Category: Compensation & Benefits; Accounting
Periods & Methods Subject: Signing Bonus Title: Immediate Deductibility vs. Capitalization IRC Sections: 162, 163 Filename: 1169.html Date Produced: 8/96 Copyright 1998, The Tax Resource Group. All rights reserved.
Telephone 800-578-3498. Internet: www.taxresourcegroup.com Law firm plans to hire a top attorney and pay a signing bonus
of somewhere between $50,000 and $250,000. The issue is whether
this payment is immediately deductible or must be capitalized
and amortized over the life of the employment contract. It seems clear that such a payment creates an intangible capital
asset that should be amortized over its useful life. The practice
of paying a signing bonus is of course common in sports. Revenue
Ruling 67-379, 1967-2 CB 127, deals with the issue somewhat indirectly.

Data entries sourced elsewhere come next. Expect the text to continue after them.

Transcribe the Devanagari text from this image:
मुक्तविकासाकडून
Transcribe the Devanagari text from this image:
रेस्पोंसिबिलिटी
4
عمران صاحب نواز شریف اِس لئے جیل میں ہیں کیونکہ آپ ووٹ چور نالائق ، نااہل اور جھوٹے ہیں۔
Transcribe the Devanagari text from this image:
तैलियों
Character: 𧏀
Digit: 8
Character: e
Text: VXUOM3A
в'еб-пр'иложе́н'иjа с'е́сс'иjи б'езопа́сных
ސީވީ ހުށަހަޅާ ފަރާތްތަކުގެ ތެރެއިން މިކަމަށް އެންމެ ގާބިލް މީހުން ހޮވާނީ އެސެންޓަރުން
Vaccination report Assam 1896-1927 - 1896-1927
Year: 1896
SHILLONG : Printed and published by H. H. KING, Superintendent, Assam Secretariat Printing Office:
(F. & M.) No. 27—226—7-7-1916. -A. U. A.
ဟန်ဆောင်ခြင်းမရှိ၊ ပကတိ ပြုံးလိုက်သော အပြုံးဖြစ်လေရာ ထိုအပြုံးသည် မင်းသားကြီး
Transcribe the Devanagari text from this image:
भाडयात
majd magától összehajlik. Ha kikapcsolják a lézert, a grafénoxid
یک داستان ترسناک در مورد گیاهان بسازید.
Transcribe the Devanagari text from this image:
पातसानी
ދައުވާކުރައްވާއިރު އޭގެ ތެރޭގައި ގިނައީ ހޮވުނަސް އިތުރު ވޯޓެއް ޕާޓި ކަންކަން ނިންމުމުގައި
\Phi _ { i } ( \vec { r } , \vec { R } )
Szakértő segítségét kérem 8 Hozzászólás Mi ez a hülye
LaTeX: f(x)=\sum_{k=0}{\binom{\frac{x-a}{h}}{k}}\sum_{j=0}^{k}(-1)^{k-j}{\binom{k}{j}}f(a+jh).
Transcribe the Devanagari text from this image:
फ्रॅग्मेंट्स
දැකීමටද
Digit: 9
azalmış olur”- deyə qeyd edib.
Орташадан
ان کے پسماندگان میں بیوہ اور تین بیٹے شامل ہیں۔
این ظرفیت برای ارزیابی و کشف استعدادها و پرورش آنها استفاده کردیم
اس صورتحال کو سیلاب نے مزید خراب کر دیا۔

Prior to this ruling, there were some very old cases that held
that a signing bonus paid in conjunction with a standard, one-year
baseball contract was wholly deductible in the year paid. There
was never any question as to whether the signing bonus created
a capital assets; rather, the only issue was the period over which
it should be amortized. The old court cases ignored the renewability
feature of the standard baseball contract of the day. The Revenue
Ruling took the position that the renewability should be taken
into account. If the attorney is paid simply for signing the employment contract
and not for anything else, it seems hard to escape capitalization.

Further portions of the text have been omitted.